About this task -> Exactly as they stand, give the records below again, with no images.
.....
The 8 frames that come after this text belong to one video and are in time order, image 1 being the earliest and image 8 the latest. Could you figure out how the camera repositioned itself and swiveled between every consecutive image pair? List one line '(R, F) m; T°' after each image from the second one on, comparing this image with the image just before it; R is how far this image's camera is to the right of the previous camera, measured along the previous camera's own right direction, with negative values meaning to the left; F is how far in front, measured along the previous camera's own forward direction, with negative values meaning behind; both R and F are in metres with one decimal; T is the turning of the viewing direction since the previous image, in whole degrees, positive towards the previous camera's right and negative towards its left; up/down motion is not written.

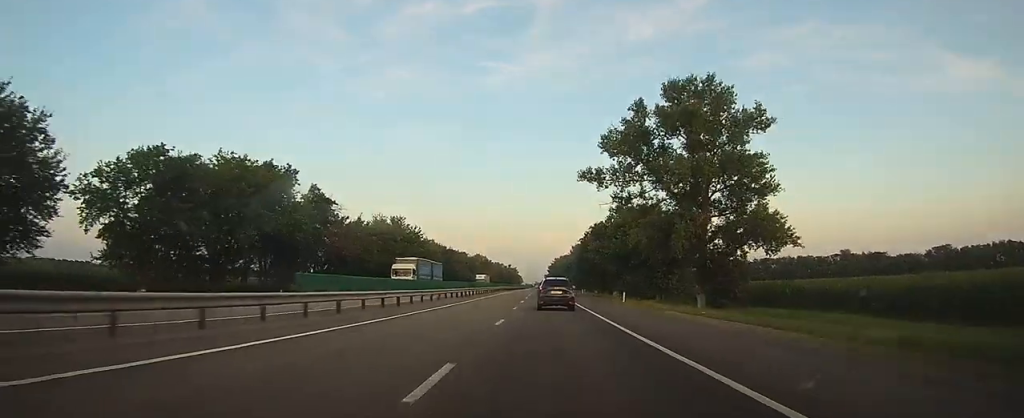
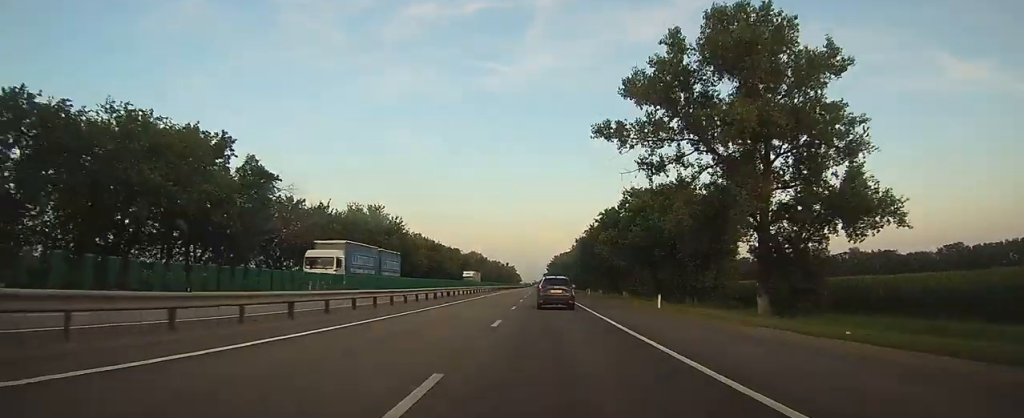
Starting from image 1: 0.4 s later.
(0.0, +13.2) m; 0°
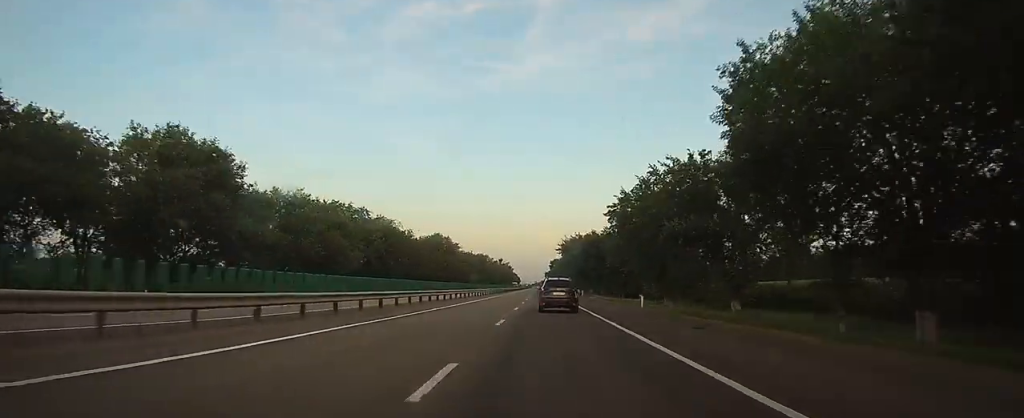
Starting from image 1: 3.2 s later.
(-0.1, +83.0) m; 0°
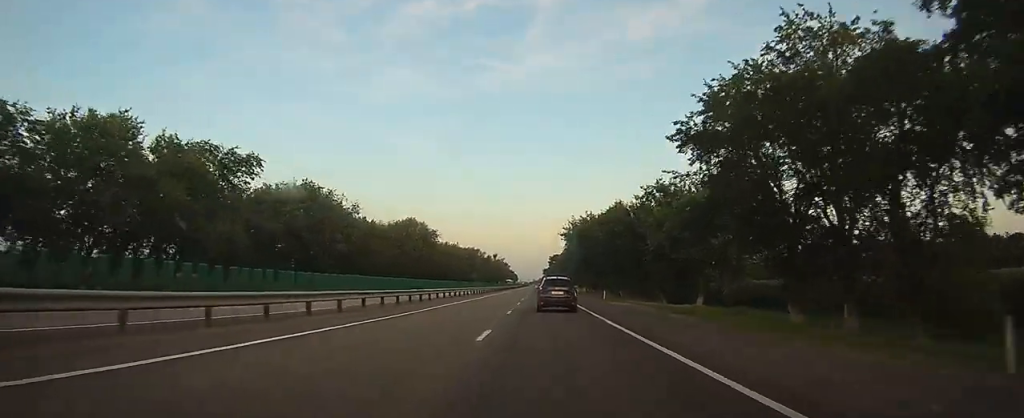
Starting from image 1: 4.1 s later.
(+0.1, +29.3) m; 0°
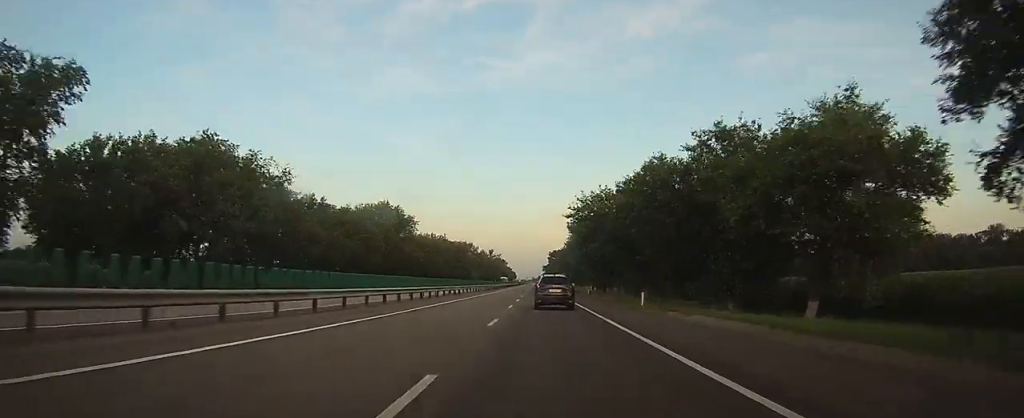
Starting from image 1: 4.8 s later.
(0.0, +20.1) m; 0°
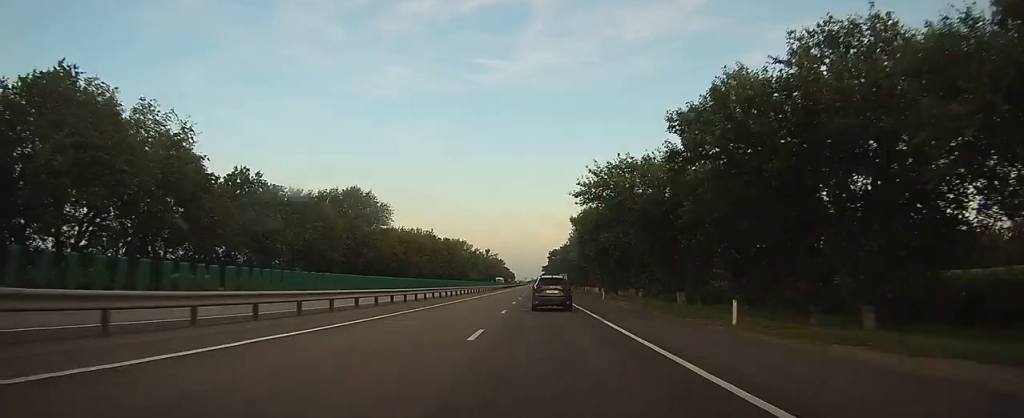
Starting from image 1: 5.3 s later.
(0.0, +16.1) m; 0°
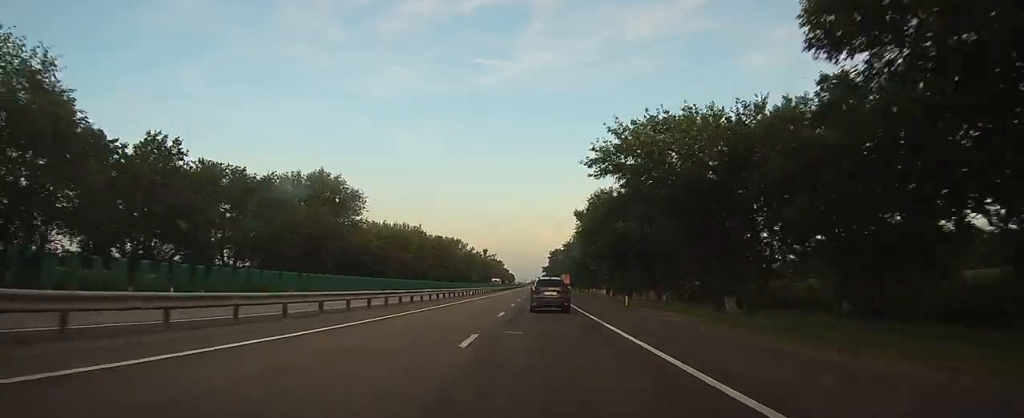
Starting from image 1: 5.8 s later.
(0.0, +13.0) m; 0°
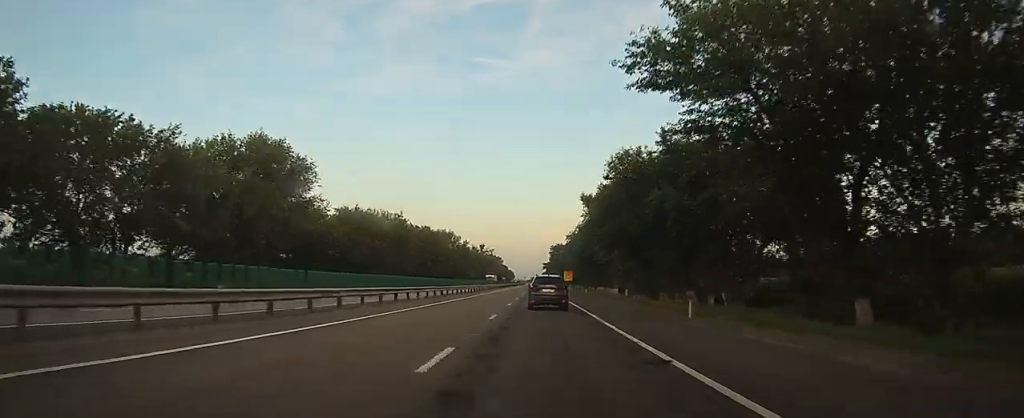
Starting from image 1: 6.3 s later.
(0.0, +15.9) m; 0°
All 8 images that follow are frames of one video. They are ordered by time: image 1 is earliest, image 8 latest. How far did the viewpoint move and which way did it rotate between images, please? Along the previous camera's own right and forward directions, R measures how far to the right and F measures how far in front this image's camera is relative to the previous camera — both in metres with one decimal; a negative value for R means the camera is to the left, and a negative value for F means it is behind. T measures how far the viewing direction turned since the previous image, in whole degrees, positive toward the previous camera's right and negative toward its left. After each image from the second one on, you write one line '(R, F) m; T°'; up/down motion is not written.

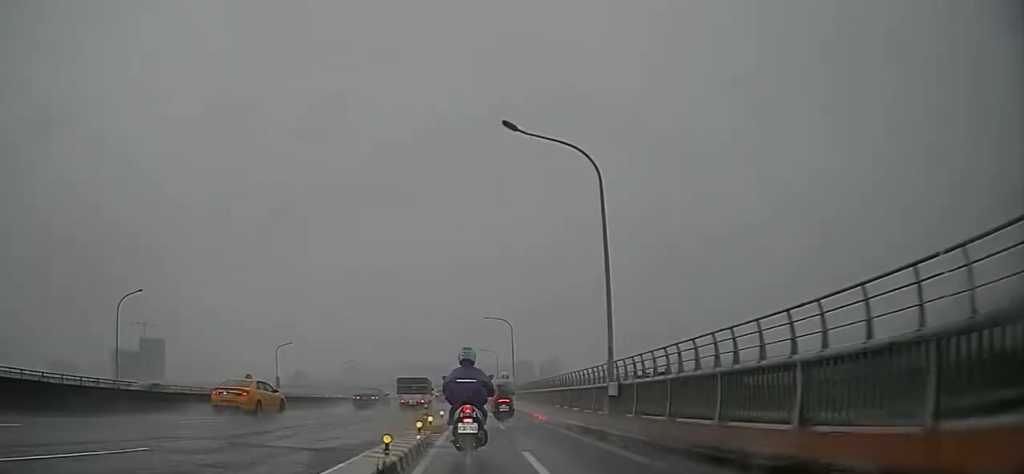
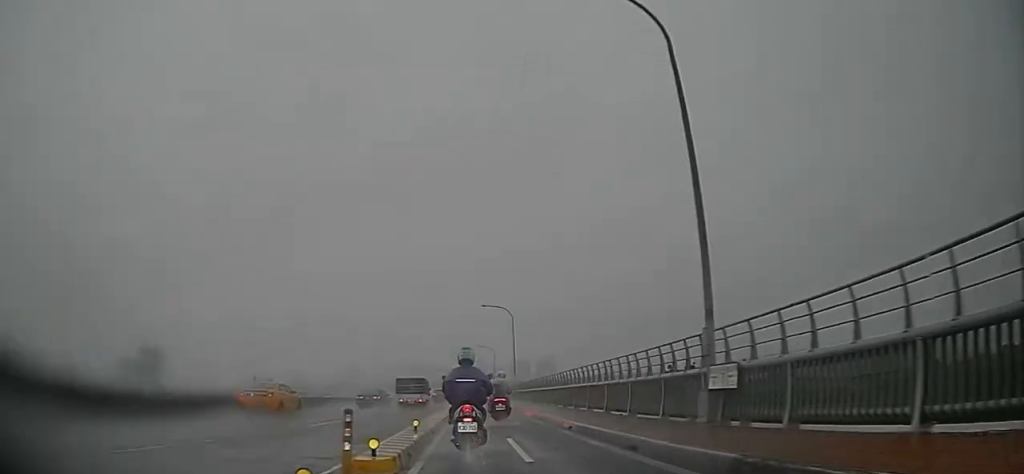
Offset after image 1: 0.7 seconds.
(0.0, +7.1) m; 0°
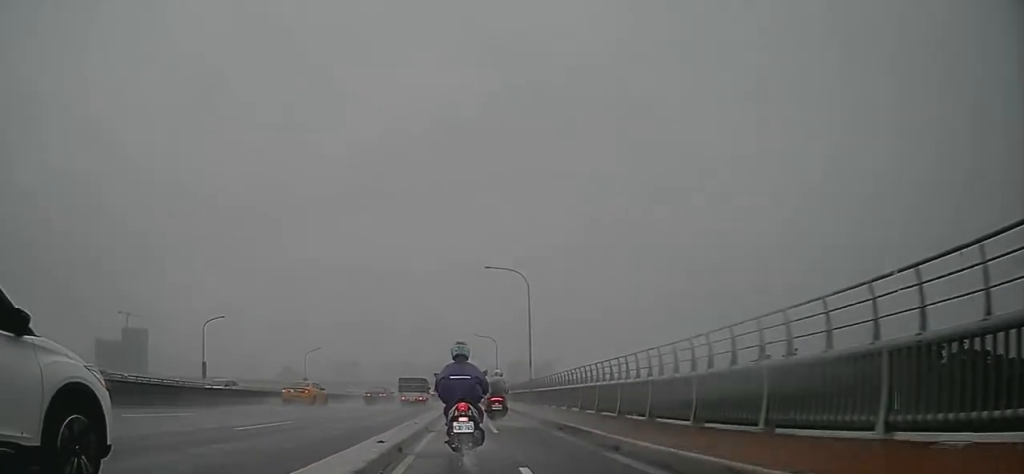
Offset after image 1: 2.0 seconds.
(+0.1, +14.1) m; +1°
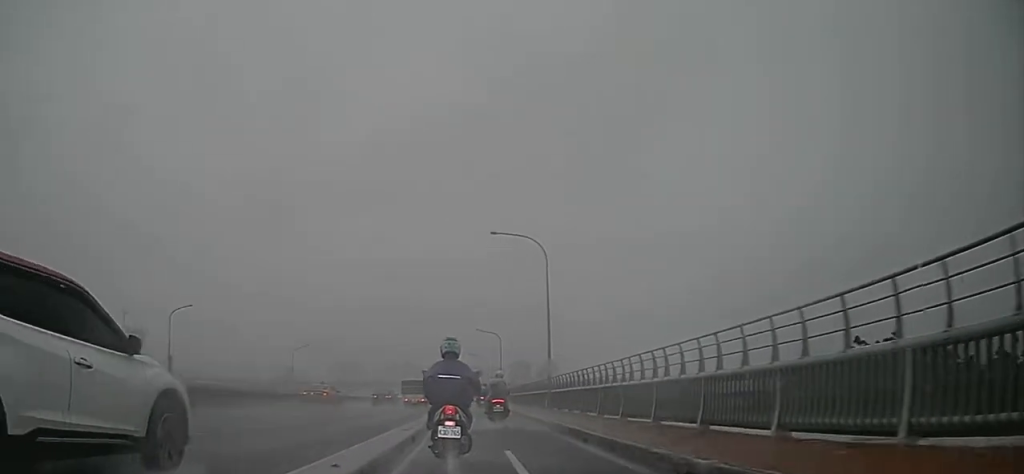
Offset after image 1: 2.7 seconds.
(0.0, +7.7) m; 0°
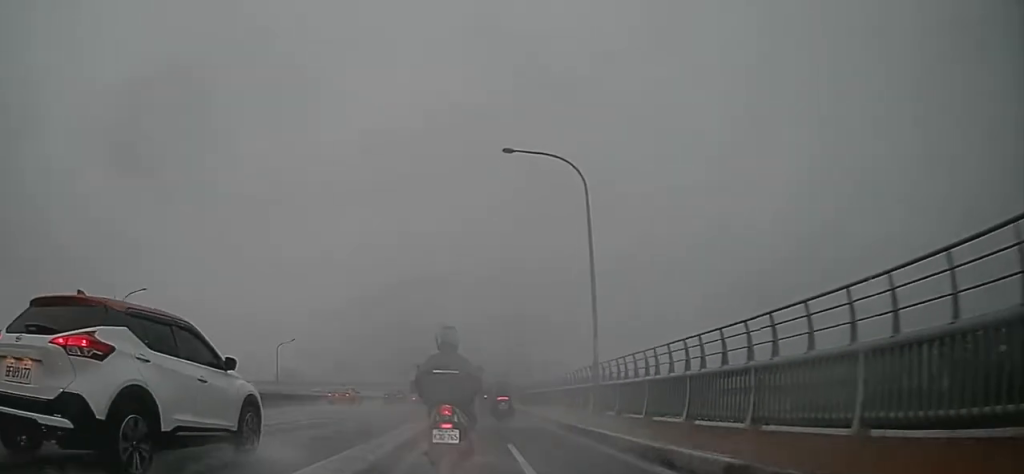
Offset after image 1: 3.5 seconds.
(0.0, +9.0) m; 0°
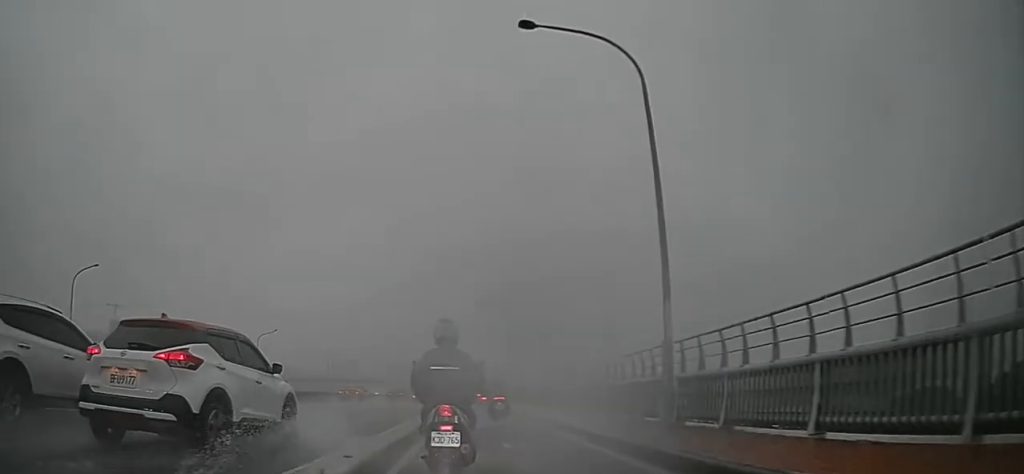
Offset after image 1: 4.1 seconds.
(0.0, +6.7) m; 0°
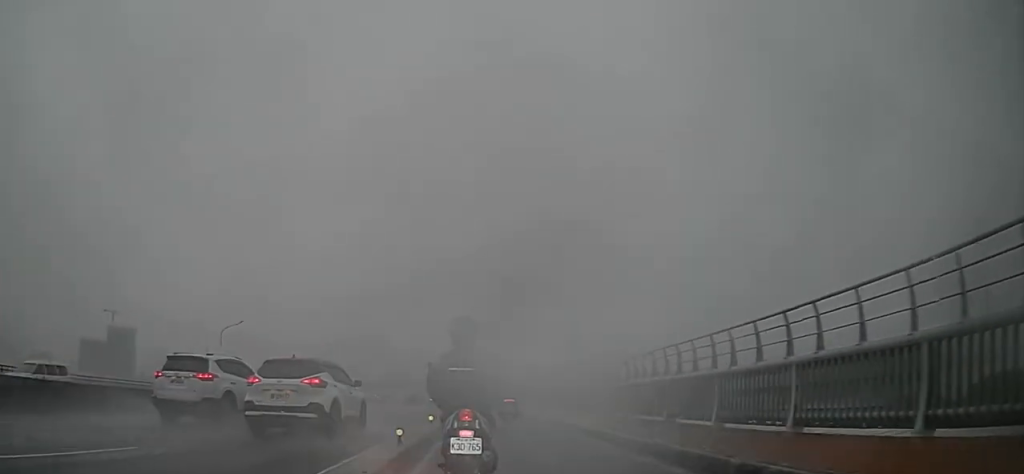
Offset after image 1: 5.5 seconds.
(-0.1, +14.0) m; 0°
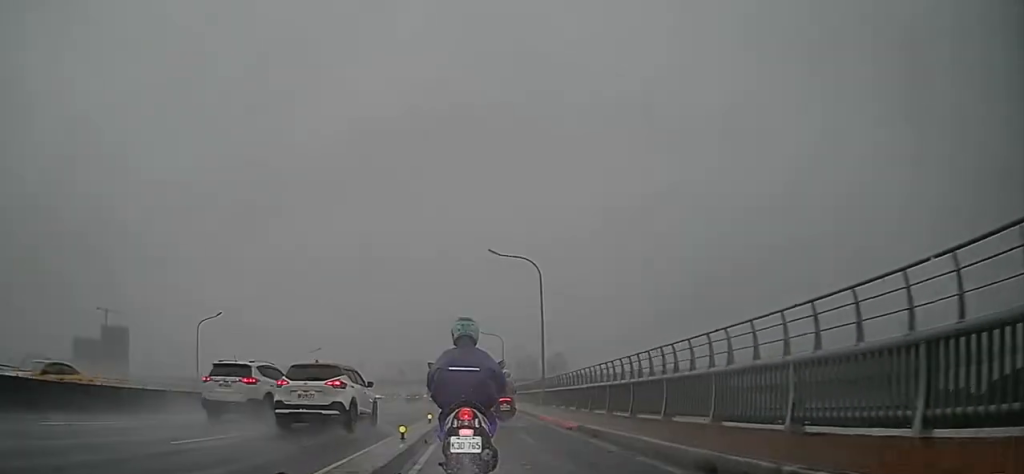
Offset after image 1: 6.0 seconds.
.....
Exercise output ->
The 8 frames that come after this text belong to one video and are in time order, image 1 being the earliest and image 8 the latest. Could you figure out how the camera repositioned itself and swiveled between every consecutive image pair? List one line '(R, F) m; T°' after each image from the second one on, comparing this image with the image just before it; R is how far this image's camera is to the right of the previous camera, measured along the previous camera's own right direction, with negative values meaning to the left; F is how far in front, measured along the previous camera's own forward direction, with negative values meaning behind; both R and F are in metres with one decimal; T is the turning of the viewing direction since the previous image, in whole degrees, positive towards the previous camera's right and negative towards its left; up/down motion is not written.

Starting from image 1: 0.4 s later.
(0.0, +13.2) m; 0°
Starting from image 1: 3.2 s later.
(-0.1, +83.0) m; 0°
Starting from image 1: 4.1 s later.
(+0.1, +29.3) m; 0°
Starting from image 1: 4.8 s later.
(0.0, +20.1) m; 0°
Starting from image 1: 5.3 s later.
(0.0, +16.1) m; 0°
Starting from image 1: 5.8 s later.
(0.0, +13.0) m; 0°
Starting from image 1: 6.3 s later.
(0.0, +15.9) m; 0°
All 8 images that follow are frames of one video. They are ordered by time: image 1 is earliest, image 8 latest. How far did the viewpoint move and which way did it rotate between images, please? Along the previous camera's own right and forward directions, R measures how far to the right and F measures how far in front this image's camera is relative to the previous camera — both in metres with one decimal; a negative value for R means the camera is to the left, and a negative value for F means it is behind. T measures how far the viewing direction turned since the previous image, in whole degrees, positive toward the previous camera's right and negative toward its left. After each image from the second one on, you write one line '(R, F) m; T°'; up/down motion is not written.

Offset after image 1: 0.7 seconds.
(0.0, +7.1) m; 0°
Offset after image 1: 2.0 seconds.
(+0.1, +14.1) m; +1°
Offset after image 1: 2.7 seconds.
(0.0, +7.7) m; 0°
Offset after image 1: 3.5 seconds.
(0.0, +9.0) m; 0°
Offset after image 1: 4.1 seconds.
(0.0, +6.7) m; 0°
Offset after image 1: 5.5 seconds.
(-0.1, +14.0) m; 0°
Offset after image 1: 6.0 seconds.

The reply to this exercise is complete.